No, established law firms have a few mature joiners every cycle and they all get paid the same as other trainees. Also struggling to see how a job as a doctor will help you as a lawyer, unless you were negotiating supply contracts for your hospital or something along those lines

(106)(8)

v stressed

Given that most doctors seem to lack empathy and understanding, I’d say they would be a perfect fit in the modern legal profession.

(75)(38)

Lol

Haha right thanks for this one fresher

(30)(7)

Anon1

Would be helpful to those working in clinical negligence.

(15)(4)

Doctor Who?

With that sense of entitlement you’ll be right at home in a career in law!

(99)(11)

Anon

It’s doubtful that the question will put your training contract offer at risk; this is firm dependant.

I think you give most firms more credit than is due. They are not that forward thinking. They do not think “this doctor is going to beat all targets and attract substantial new business so we better keep him happy”. They simply think, great, someone that might be able to work harder than other trainees sooner.
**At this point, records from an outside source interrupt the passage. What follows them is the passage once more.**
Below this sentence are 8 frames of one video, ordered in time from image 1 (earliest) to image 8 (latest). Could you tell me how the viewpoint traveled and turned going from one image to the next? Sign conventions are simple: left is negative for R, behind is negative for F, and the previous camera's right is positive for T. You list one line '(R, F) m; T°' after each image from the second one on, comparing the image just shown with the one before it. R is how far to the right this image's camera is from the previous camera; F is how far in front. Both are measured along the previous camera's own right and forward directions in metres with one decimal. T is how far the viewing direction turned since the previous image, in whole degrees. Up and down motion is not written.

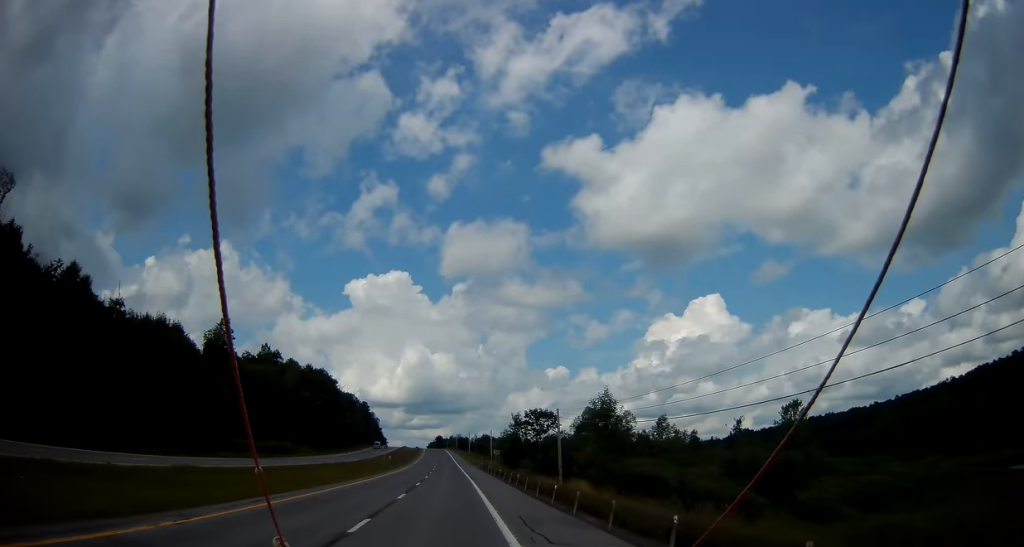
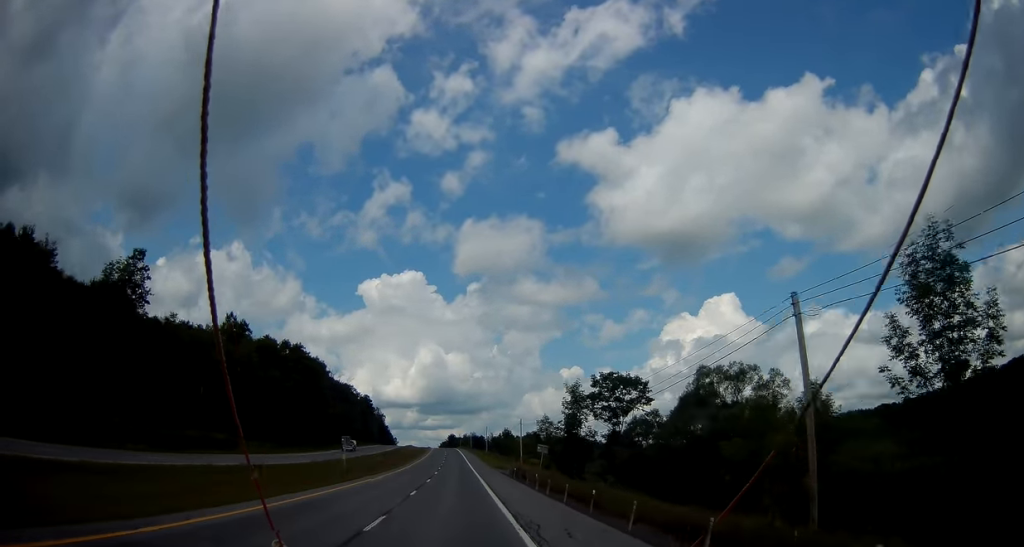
(-0.9, +35.1) m; -2°
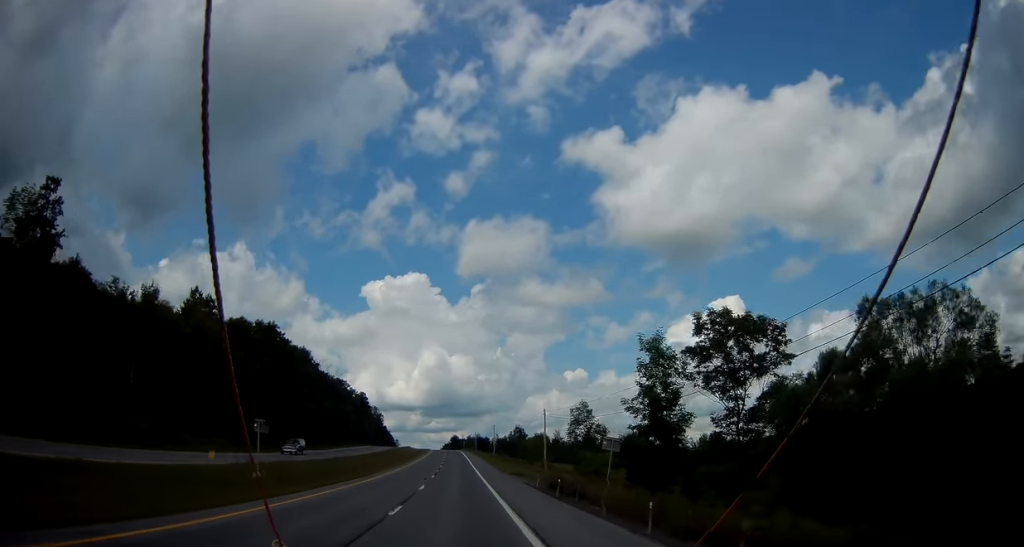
(-0.2, +20.6) m; 0°
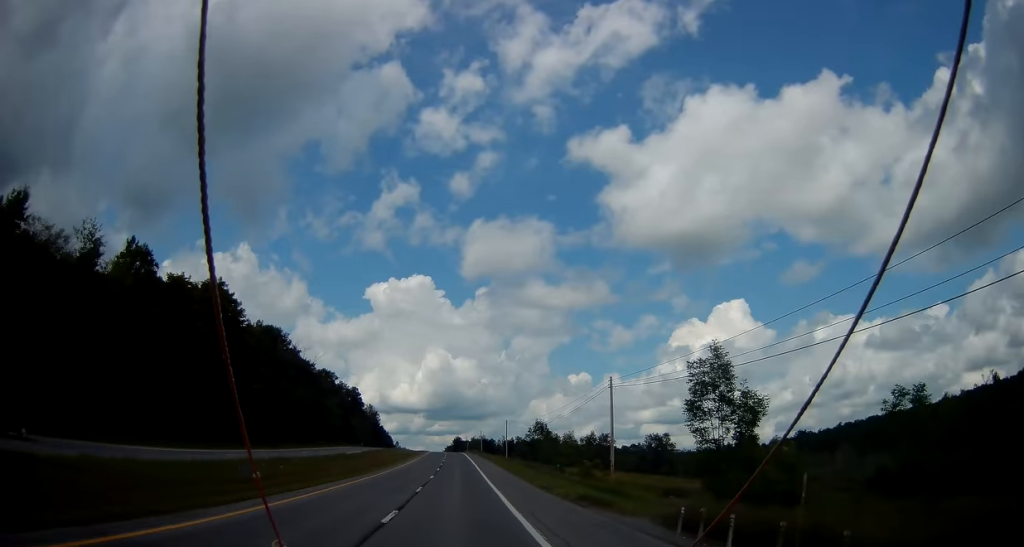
(+0.4, +26.5) m; +1°
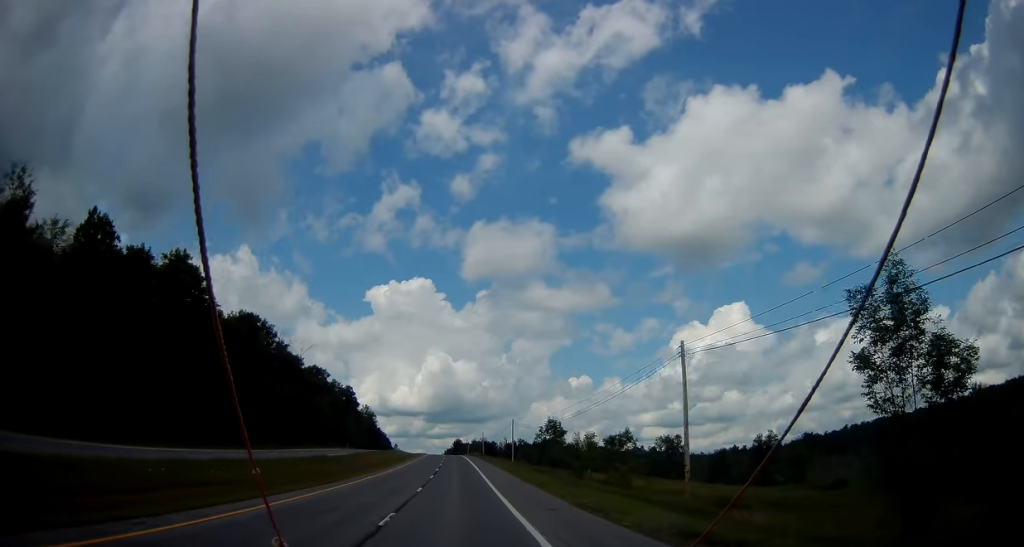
(+0.1, +12.0) m; 0°
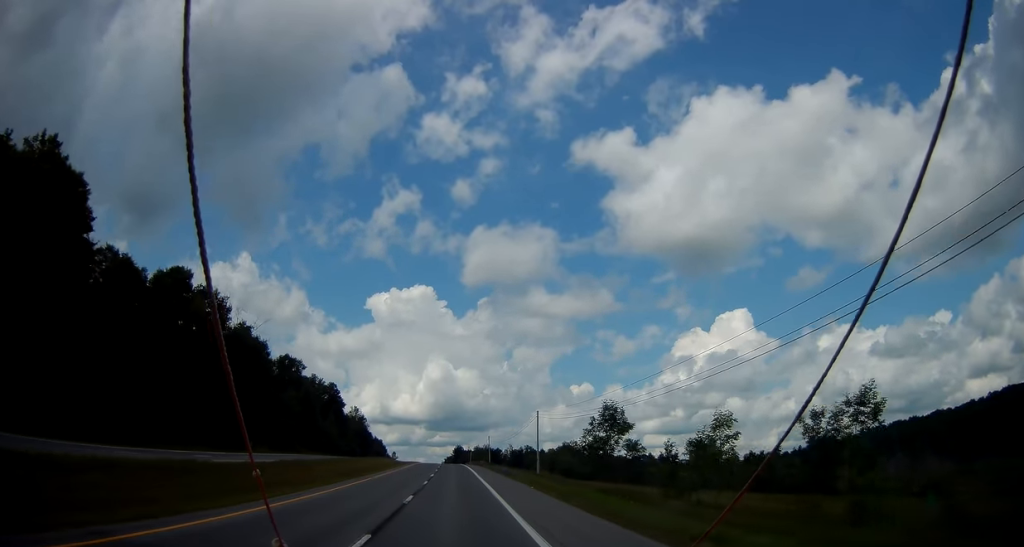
(-0.4, +28.8) m; -1°
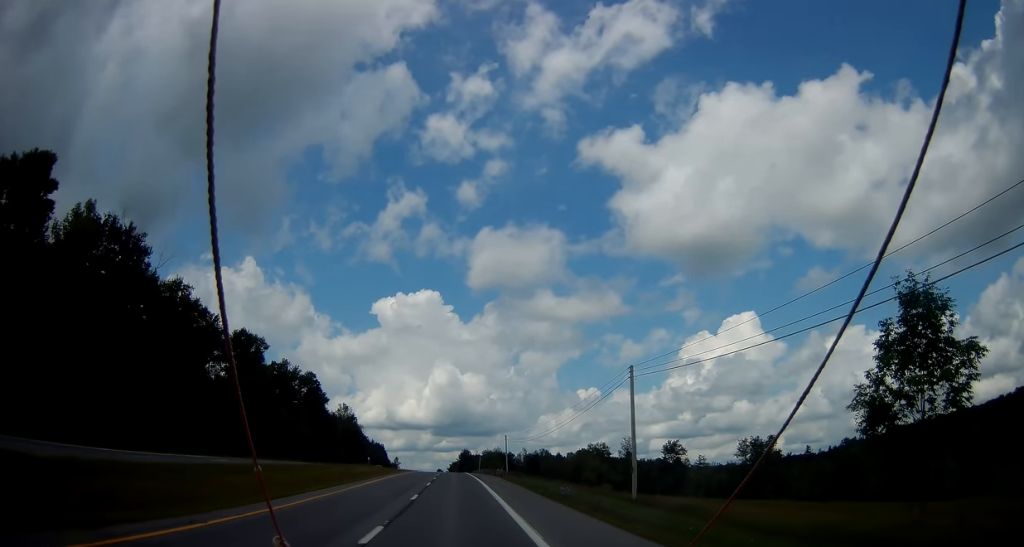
(-0.1, +33.6) m; 0°
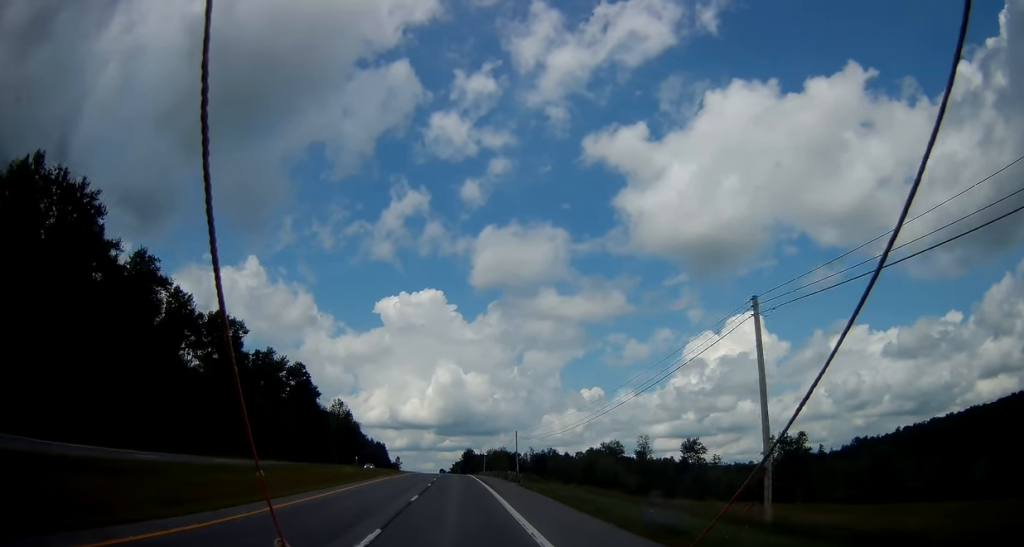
(0.0, +13.3) m; 0°

With that said, I had a career change to the law and I am quickly moving through the professional ranks and gain more exposure than others at my level. I expect that is due to the transferable skills. This is where your past career will assist you. Not at the start.

(48)(3)

Soz

Hate to burst your bubble but there are career changer trainees who come from banking or previously ran their own businesses. Both of those would be more desirable than a doctor and they still get paid the same as a trainee.

How does previously being a doctor mean you’re more valuable than other trainees?
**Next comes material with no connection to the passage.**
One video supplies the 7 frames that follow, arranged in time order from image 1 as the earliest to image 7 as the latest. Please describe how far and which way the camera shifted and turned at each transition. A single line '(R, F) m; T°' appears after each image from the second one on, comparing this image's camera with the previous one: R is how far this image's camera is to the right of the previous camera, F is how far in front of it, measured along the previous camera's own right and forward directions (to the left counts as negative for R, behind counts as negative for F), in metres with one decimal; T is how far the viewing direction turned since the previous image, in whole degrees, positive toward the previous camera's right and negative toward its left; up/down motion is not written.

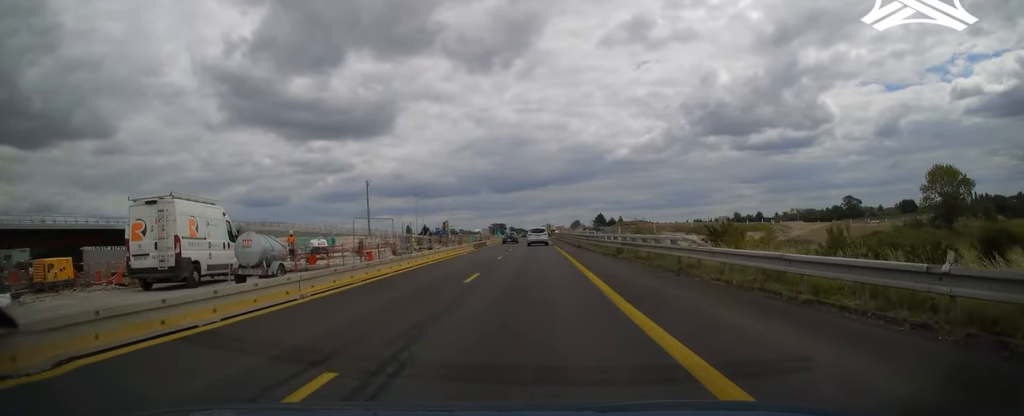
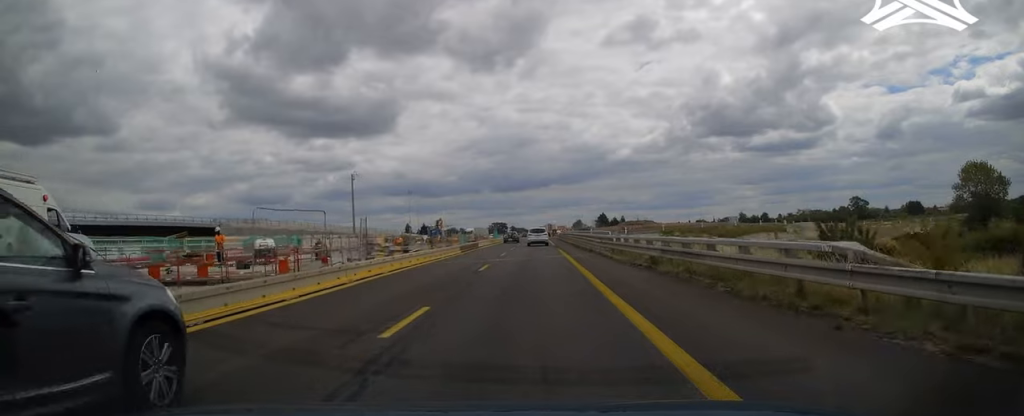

With bankers / business folk – they’ve already worked in financial environments, navigated contracts and likely worked with solicitors …

(57)(2)

City Trainee

Agreed. I left a different City job and took a substantial pay cut to become a trainee. Salary negotiation never even came to my mind and that was before you factored in I had previously instructed/worked with partners regularly, and done most of the skills for the role before.

(26)(0)

No

Lol, to put it bluntly no. You are a “trainee” for a reason. No harm in asking though.

(28)(0)

The typical answer: it depends

Of course you can attempt to negotiate your offer, but it entirely depends on the type of firm you are applying to.

If you are intending to apply to a commercial firm which does commercial transactional work – such as the big City firms then you do not have any room to negotiate and you must accept the salary that is given to you. If you attempt to negotiate with such firms then another potential trainee will accept your offer.

However, if you are intending to apply to a regional firm – or a more boutique specialist firm in the City or elsewhere in England and Wales, where your skills as a doctor may be applied, such as (but not limited to), personal injury claims then you may have some leverage and may be able to negotiate your training contract salary. After all, human resources works for the equity partners (if the firm is so structured as an LLP) or for the owners of the firm, so HR will take instructions from your interviewers.

(29)(4)

Anon

I can’t imagine it would put your offer at risk, but as with any salary negotiation you’d have to think very carefully about your argument for deserving extra compensation.

I’m also career-changing into law (although not from the medical sector) and have many transferable skills. This a great marketing angle to encourage a firm to hire someone in the first place and it is no doubt easier choosing a person who is used to being in the workplace, but really that’s where the benefit ends for them at this stage. My existing skills won’t make them more money whilst I am a trainee, I won’t be in a position to bring them particular contacts or business and I don’t have additional legal knowledge worth paying for. On the other side of the coin a firm may be of the opinion that someone younger and without an existing career may be easier to mould into “their” brand of lawyer.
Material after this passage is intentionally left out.